+++ THE DATA +++

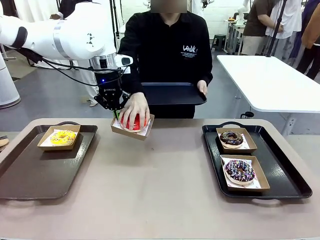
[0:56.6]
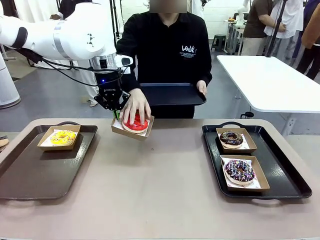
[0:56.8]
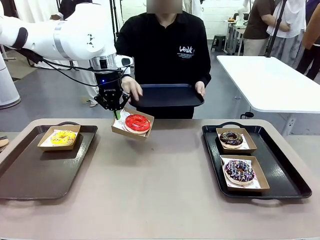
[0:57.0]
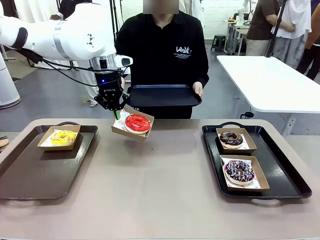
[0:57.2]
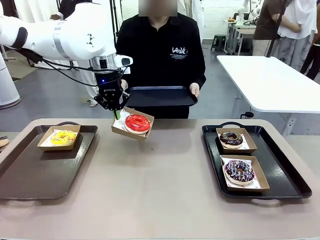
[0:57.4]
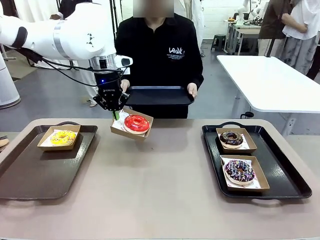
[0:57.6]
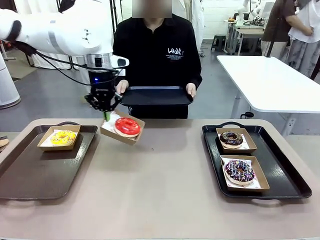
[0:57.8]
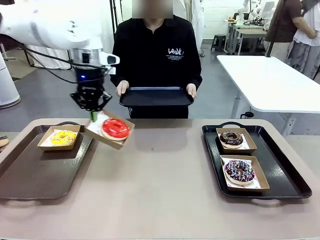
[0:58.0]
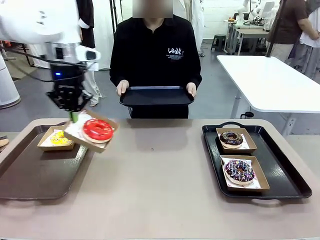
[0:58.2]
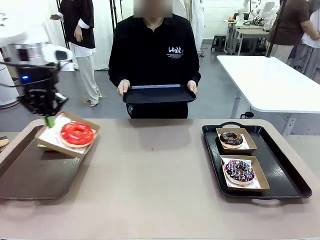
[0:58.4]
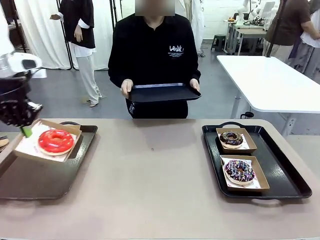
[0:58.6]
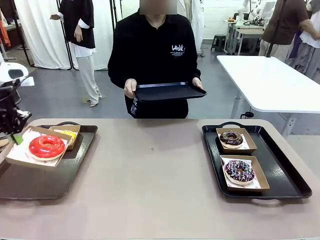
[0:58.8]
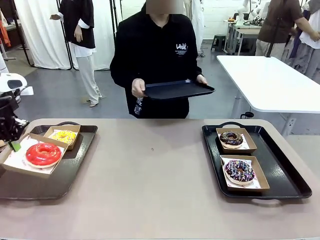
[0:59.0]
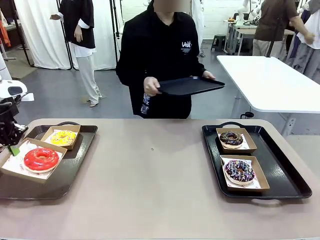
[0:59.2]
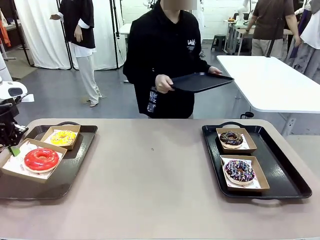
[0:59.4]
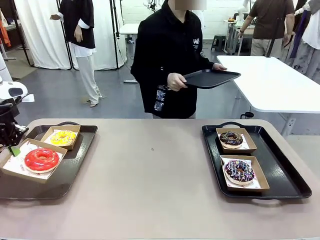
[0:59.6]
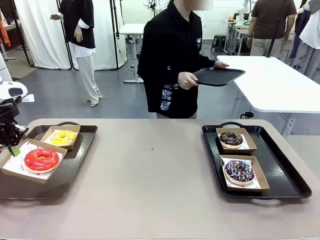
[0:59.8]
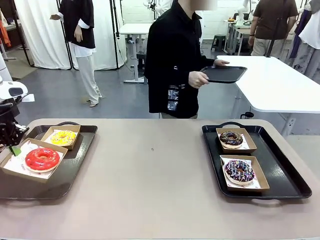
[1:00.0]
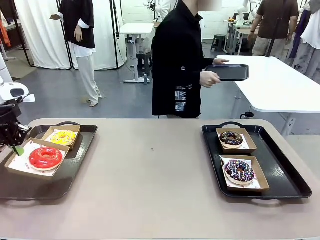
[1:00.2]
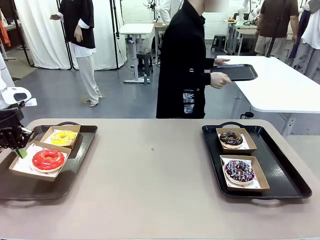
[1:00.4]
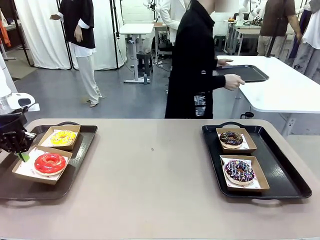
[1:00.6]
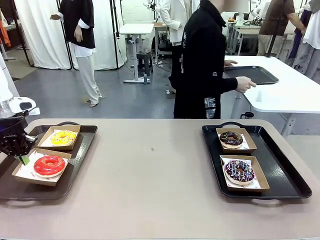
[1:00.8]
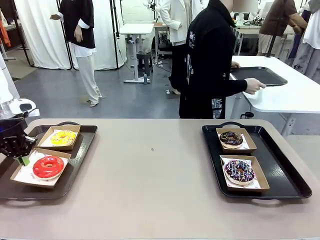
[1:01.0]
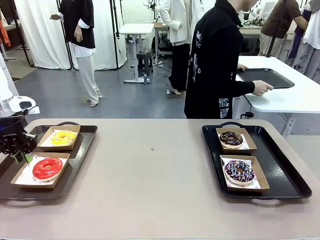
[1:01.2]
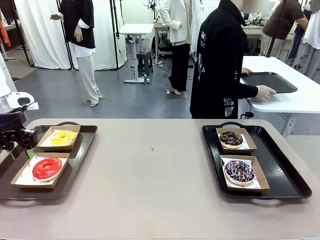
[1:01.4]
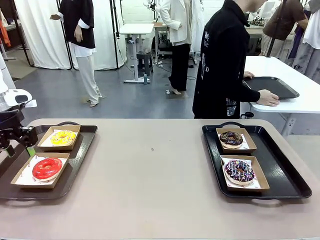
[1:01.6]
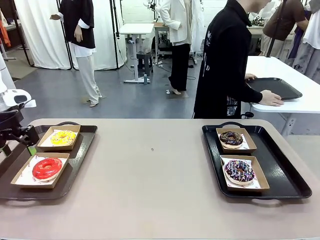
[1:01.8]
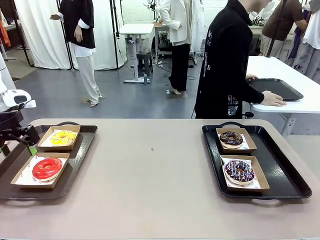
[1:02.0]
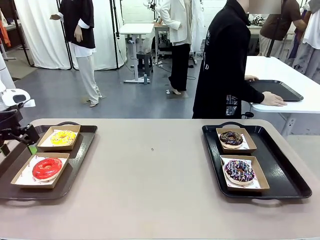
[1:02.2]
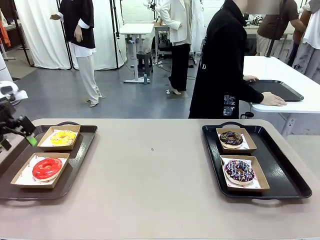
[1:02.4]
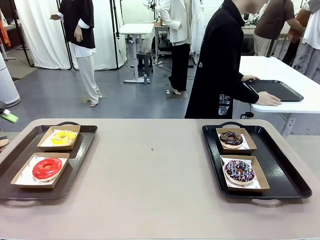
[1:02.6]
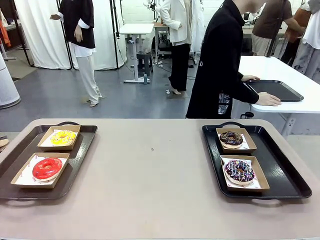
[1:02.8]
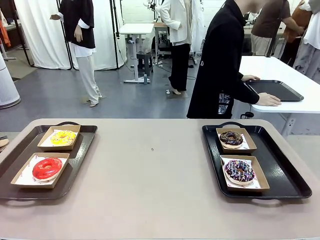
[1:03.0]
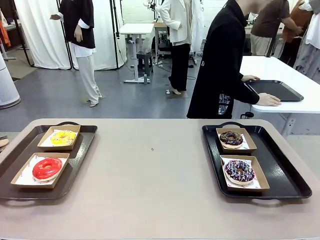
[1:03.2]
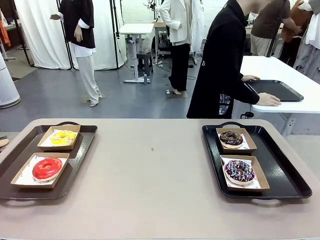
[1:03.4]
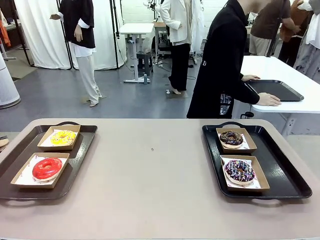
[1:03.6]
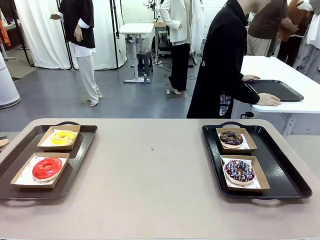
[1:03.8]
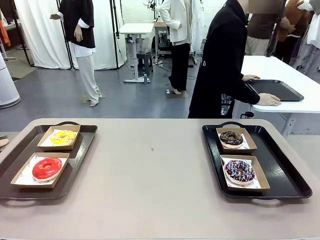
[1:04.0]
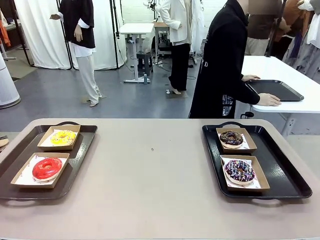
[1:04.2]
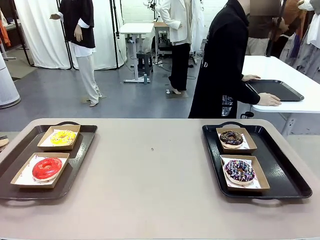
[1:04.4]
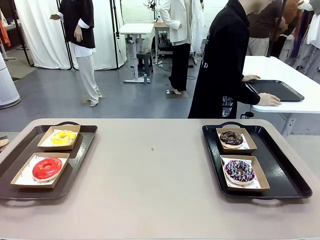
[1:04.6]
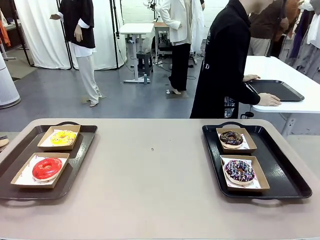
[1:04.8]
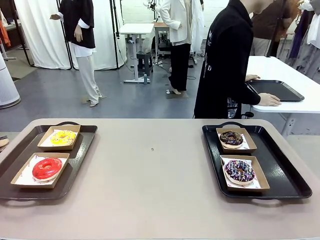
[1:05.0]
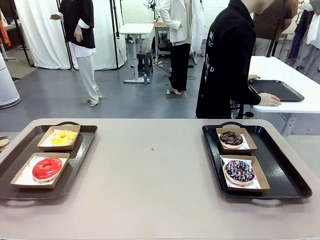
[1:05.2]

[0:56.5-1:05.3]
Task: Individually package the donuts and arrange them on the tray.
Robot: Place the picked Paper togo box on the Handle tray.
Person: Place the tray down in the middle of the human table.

+++

- **DIRECTIONS**
Your copy should match every record exactly and contain no pictures.

- **RESPONSE**
[0:56.6]
[0:56.8]
[0:57.0]
[0:57.2]
[0:57.4]
[0:57.6]
[0:57.8]
[0:58.0]
[0:58.2]
[0:58.4]
[0:58.6]
[0:58.8]
[0:59.0]
[0:59.2]
[0:59.4]
[0:59.6]
[0:59.8]
[1:00.0]
[1:00.2]
[1:00.4]
[1:00.6]
[1:00.8]
[1:01.0]
[1:01.2]
[1:01.4]
[1:01.6]
[1:01.8]
[1:02.0]
[1:02.2]
[1:02.4]
[1:02.6]
[1:02.8]
[1:03.0]
[1:03.2]
[1:03.4]
[1:03.6]
[1:03.8]
[1:04.0]
[1:04.2]
[1:04.4]
[1:04.6]
[1:04.8]
[1:05.0]
[1:05.2]

[0:56.5-1:05.3]
Task: Individually package the donuts and arrange them on the tray.
Robot: Place the picked Paper togo box on the Handle tray.
Person: Place the tray down in the middle of the human table.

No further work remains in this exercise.